Retype exactly the lines from the one holding "Bounding box: 92.63" through the final line of the data, both included.

***** Record extracts

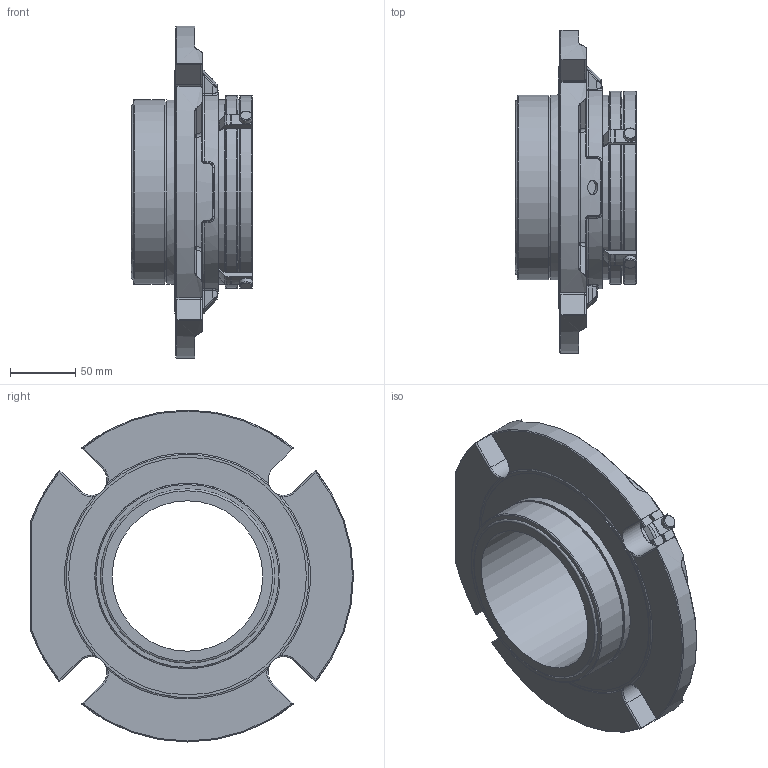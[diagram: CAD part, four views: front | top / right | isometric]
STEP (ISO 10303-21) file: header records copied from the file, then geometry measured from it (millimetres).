
FILE_DESCRIPTION(/* description */ ('Unknown'),/* implementation_level */ '2;1');
FILE_NAME(/* name */ '115mm',/* time_stamp */ '2023-02-07T11:33:56+00:00',/* author */ ('Unknown'),/* organization */ ('Unknown'),/* preprocessor_version */ 'ST-DEVELOPER v16.7',/* originating_system */ 'Solid Edge',/* authorisation */ 'Unknown');
FILE_SCHEMA (('AUTOMOTIVE_DESIGN {1 0 10303 214 3 1 1}'));
Length unit declared in the file: millimetre
Products named in the file (1): 115mm
Bounding box: 92.63 x 246.87 x 253.75 mm (x, y, z)
Volume: 1152032.1 mm3; surface area: 169887.5 mm2
Topology: 1 solids, 1 shells, 610 faces, 1535 edges, 959 vertices
Faces by surface type: plane 199, cylinder 160, bspline 98, torus 93, sphere 39, cone 21
Full cylindrical faces by diameter (mm): 3.761 x1, 10 x4, 10.998 x2, 115.011 x1, 133.325 x1, 135.331 x1, 138.189 x1, 141.173 x1, 141.275 x1, 141.605 x1, 147.472 x1, 181.737 x1
Entity records: 21055 total; most frequent: CARTESIAN_POINT 7438, ORIENTED_EDGE 2968, DIRECTION 2618, EDGE_CURVE 1484, AXIS2_PLACEMENT_3D 1052, VERTEX_POINT 942, EDGE_LOOP 686, FACE_BOUND 686

**********

• **Solution to this problem**
Bounding box: 92.63 x 246.87 x 253.75 mm (x, y, z)
Volume: 1152032.1 mm3; surface area: 169887.5 mm2
Topology: 1 solids, 1 shells, 610 faces, 1535 edges, 959 vertices
Faces by surface type: plane 199, cylinder 160, bspline 98, torus 93, sphere 39, cone 21
Full cylindrical faces by diameter (mm): 3.761 x1, 10 x4, 10.998 x2, 115.011 x1, 133.325 x1, 135.331 x1, 138.189 x1, 141.173 x1, 141.275 x1, 141.605 x1, 147.472 x1, 181.737 x1
Entity records: 21055 total; most frequent: CARTESIAN_POINT 7438, ORIENTED_EDGE 2968, DIRECTION 2618, EDGE_CURVE 1484, AXIS2_PLACEMENT_3D 1052, VERTEX_POINT 942, EDGE_LOOP 686, FACE_BOUND 686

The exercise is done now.